| Provided material |

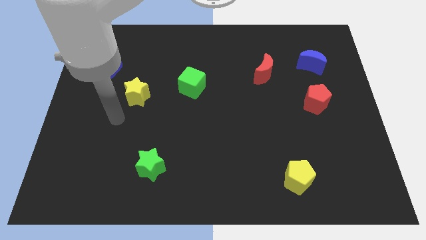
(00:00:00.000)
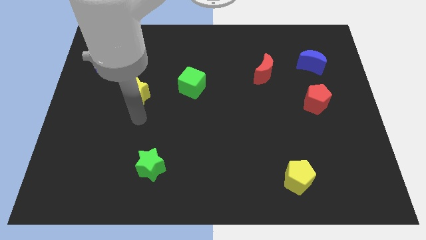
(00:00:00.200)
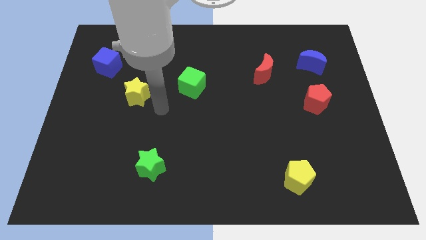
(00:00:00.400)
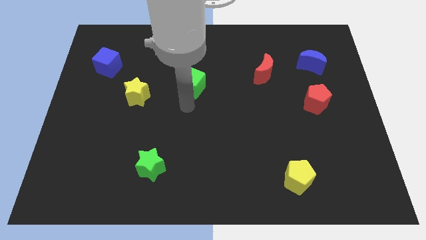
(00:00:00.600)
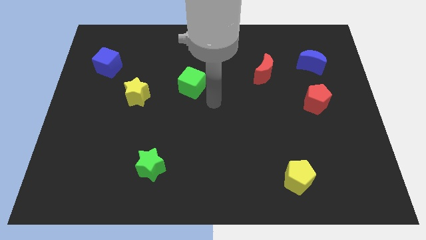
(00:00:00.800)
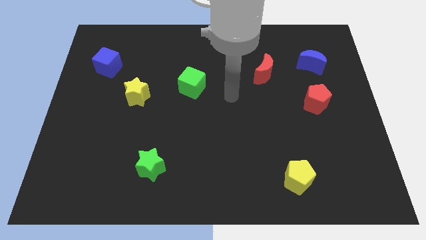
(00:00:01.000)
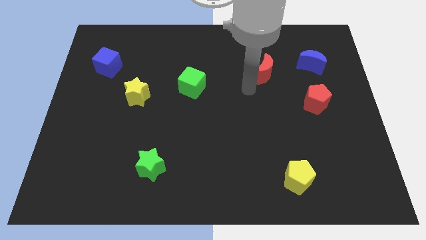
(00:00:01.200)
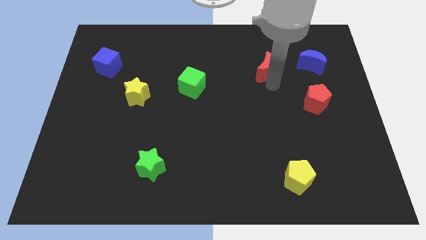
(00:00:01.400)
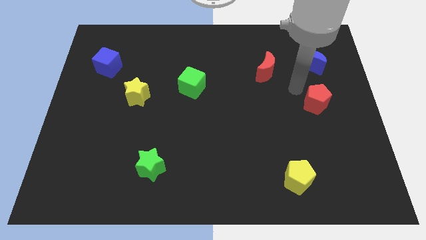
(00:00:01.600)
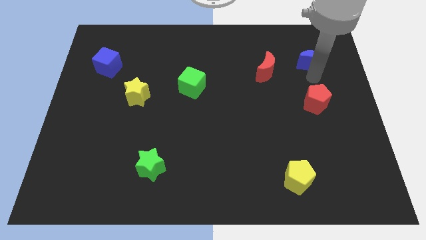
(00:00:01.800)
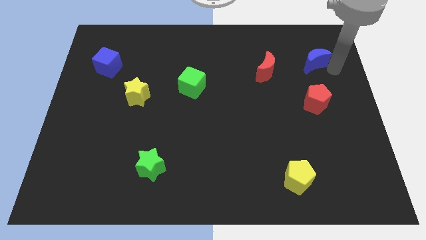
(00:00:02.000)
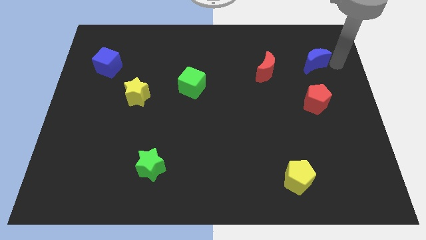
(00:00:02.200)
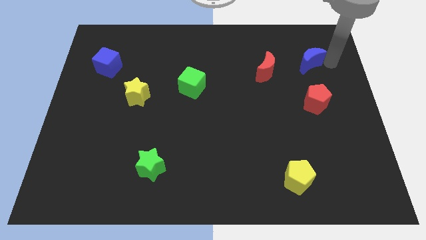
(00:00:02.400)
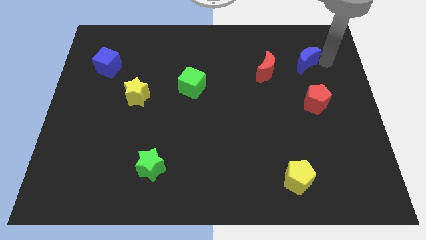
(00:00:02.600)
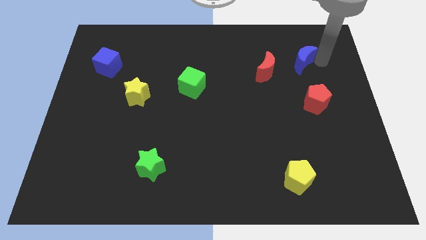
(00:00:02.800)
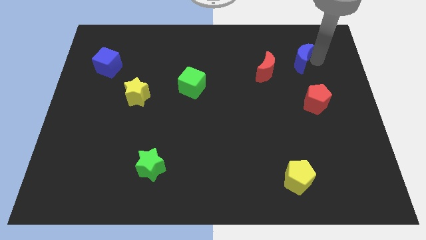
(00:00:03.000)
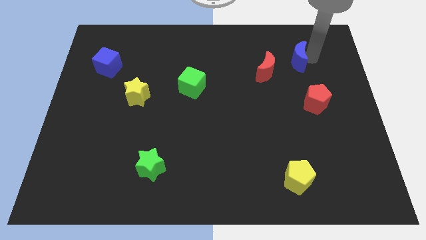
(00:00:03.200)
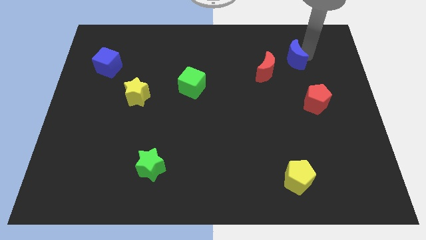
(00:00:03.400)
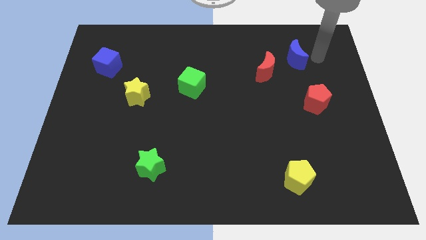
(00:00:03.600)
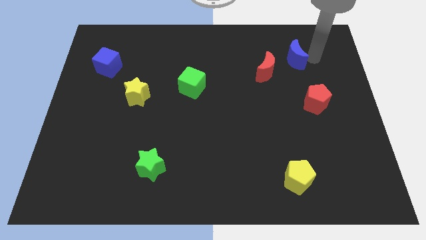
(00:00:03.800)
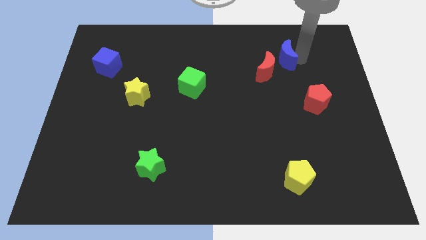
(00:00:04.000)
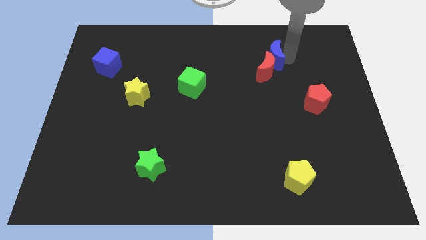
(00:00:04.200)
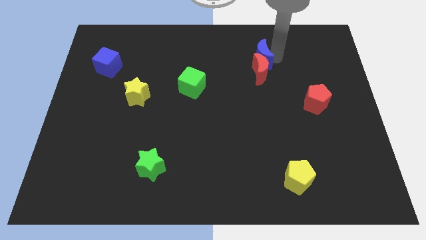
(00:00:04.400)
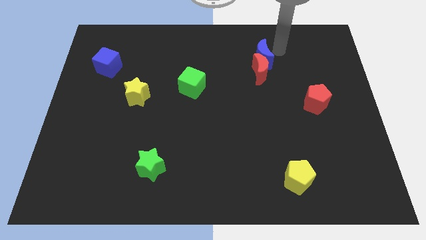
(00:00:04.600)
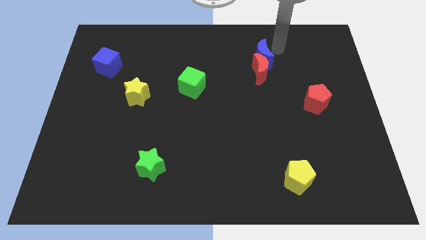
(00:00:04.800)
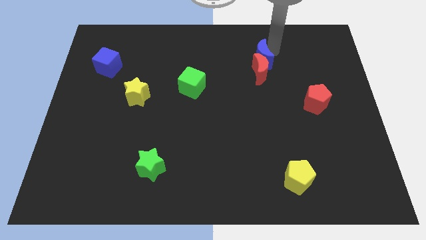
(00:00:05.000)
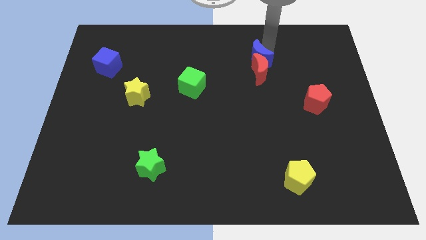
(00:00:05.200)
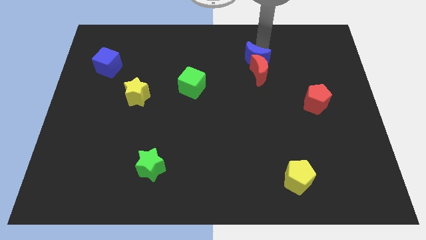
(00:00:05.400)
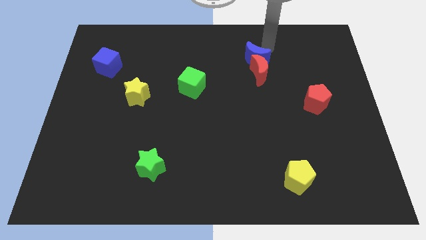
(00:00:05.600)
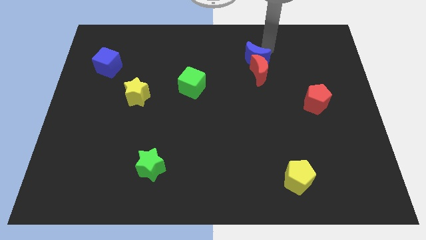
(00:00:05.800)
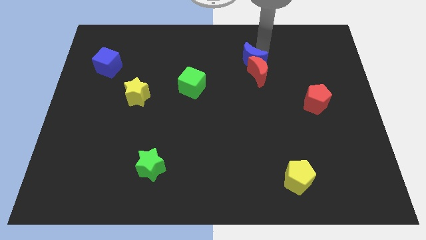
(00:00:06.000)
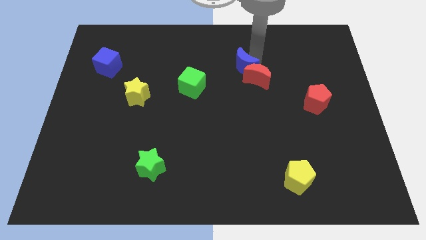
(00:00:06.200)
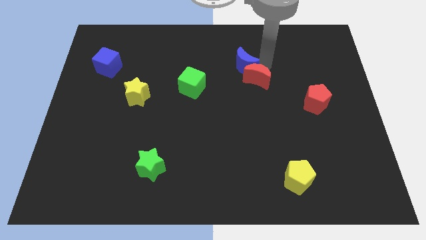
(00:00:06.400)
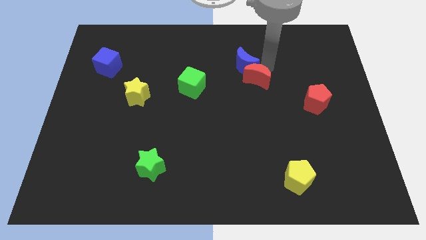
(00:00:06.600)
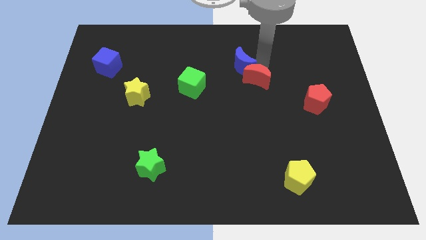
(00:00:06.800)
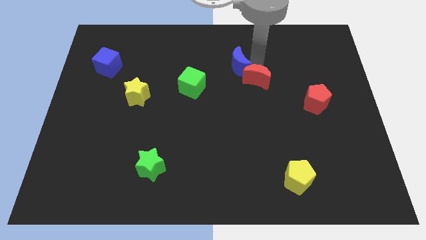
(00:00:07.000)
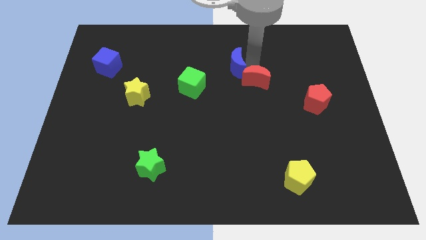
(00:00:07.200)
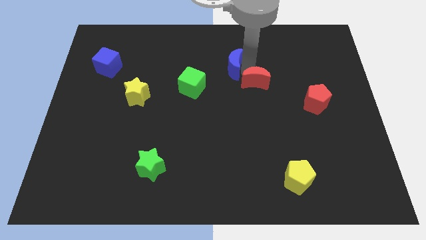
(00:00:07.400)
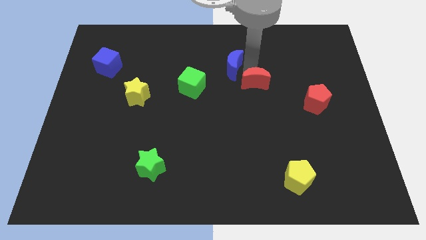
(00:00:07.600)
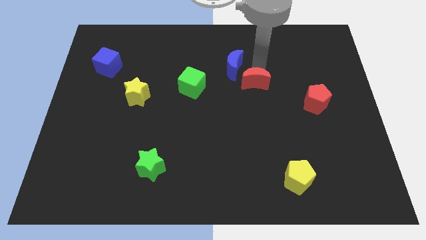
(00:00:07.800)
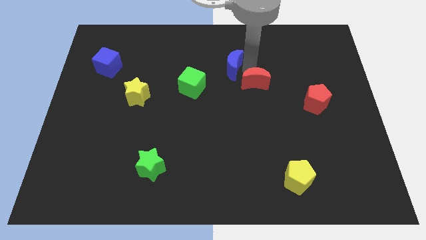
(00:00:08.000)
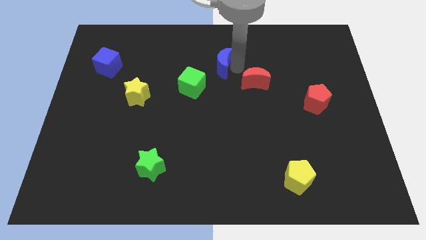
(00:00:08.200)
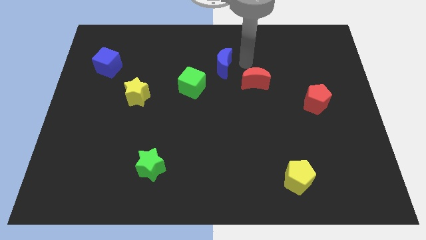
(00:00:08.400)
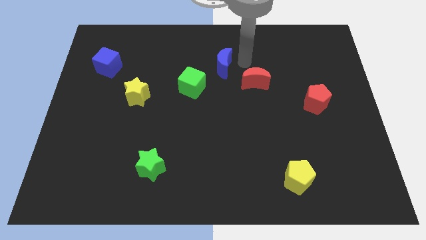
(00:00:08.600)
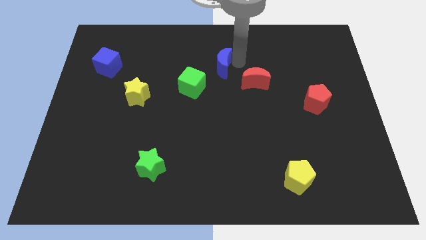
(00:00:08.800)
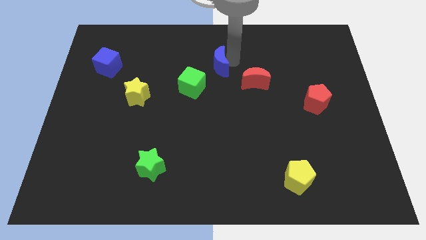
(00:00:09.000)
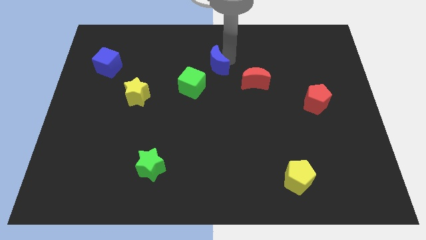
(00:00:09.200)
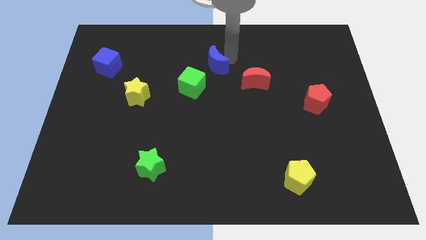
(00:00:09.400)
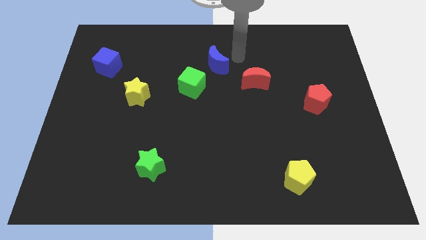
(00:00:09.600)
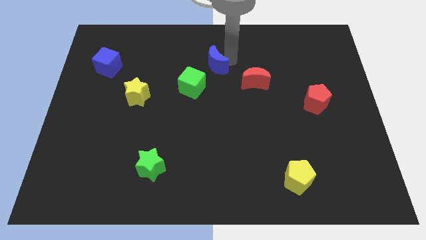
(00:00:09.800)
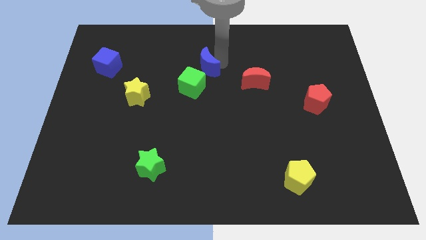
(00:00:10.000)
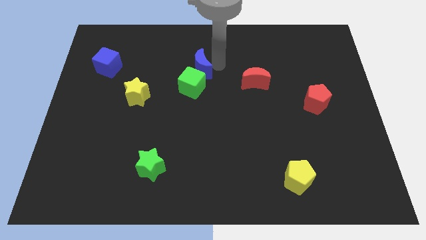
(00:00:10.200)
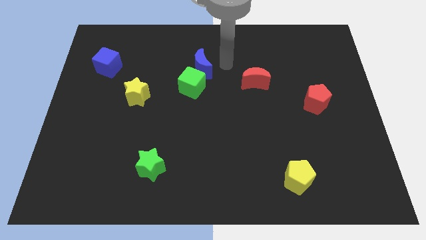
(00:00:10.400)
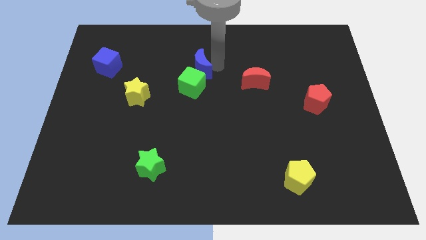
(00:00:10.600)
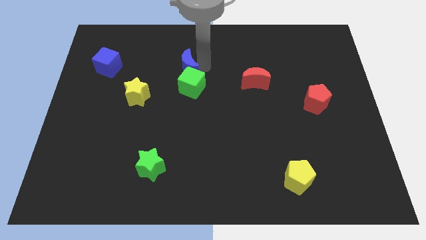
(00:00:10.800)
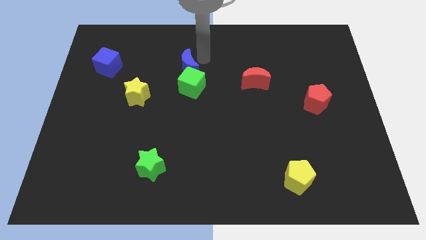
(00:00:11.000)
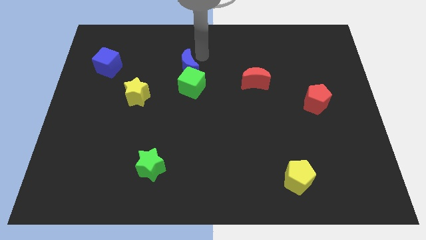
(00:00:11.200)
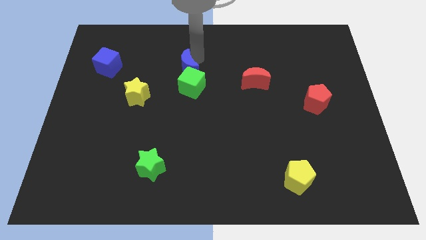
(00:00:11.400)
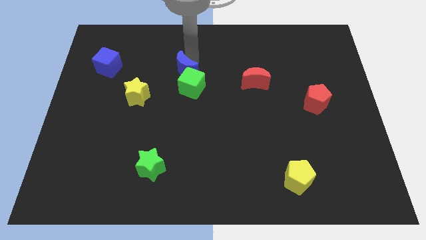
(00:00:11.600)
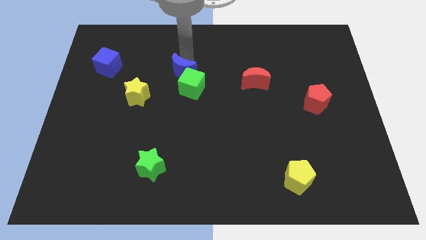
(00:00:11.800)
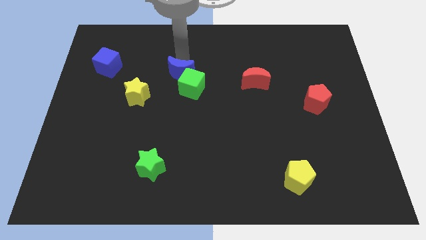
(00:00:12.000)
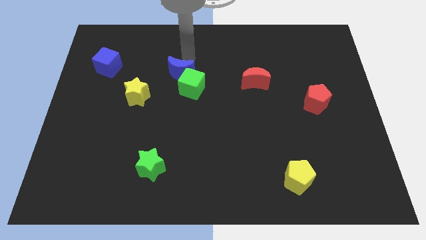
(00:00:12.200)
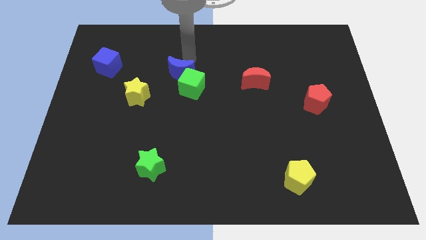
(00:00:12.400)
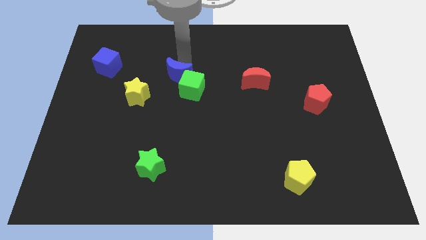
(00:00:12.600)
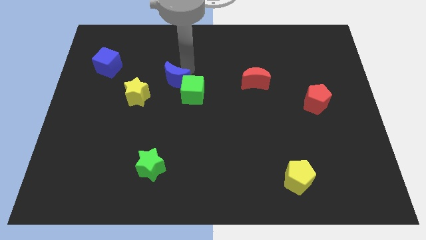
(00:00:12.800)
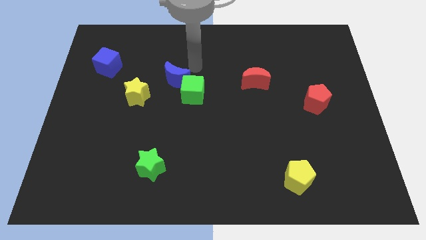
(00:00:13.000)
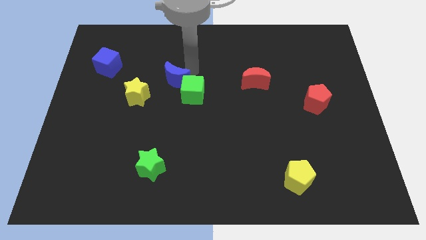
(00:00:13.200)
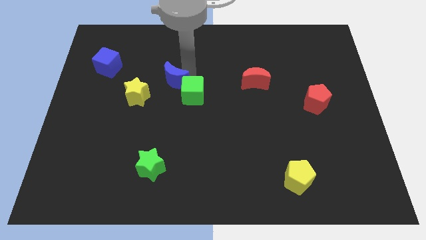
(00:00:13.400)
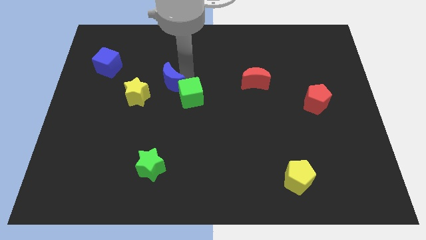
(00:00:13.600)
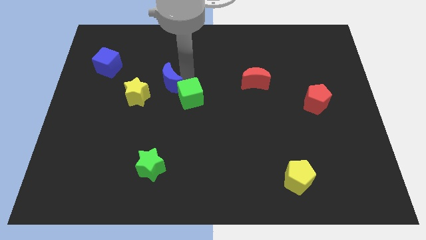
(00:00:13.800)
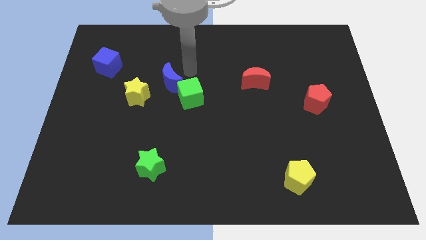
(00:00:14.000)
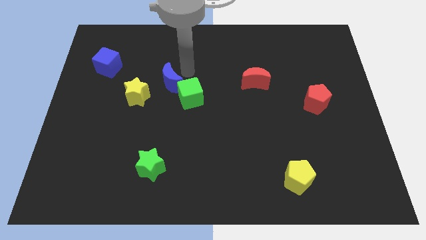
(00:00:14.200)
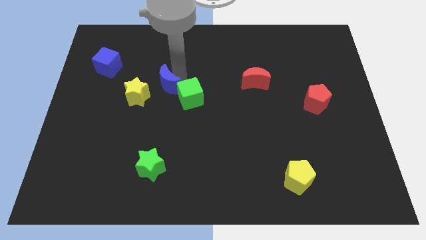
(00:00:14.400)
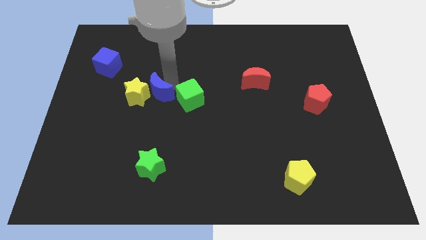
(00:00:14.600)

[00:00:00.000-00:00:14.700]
move the blue moon towards the yellow star

| Activity |
Take the entries above and copy exactly the lines starting at the one with "(00:00:01.800)" and ending at the one with "(00:00:05.000)"; nothing outside that span, and no pictures.

| Response box |
(00:00:01.800)
(00:00:02.000)
(00:00:02.200)
(00:00:02.400)
(00:00:02.600)
(00:00:02.800)
(00:00:03.000)
(00:00:03.200)
(00:00:03.400)
(00:00:03.600)
(00:00:03.800)
(00:00:04.000)
(00:00:04.200)
(00:00:04.400)
(00:00:04.600)
(00:00:04.800)
(00:00:05.000)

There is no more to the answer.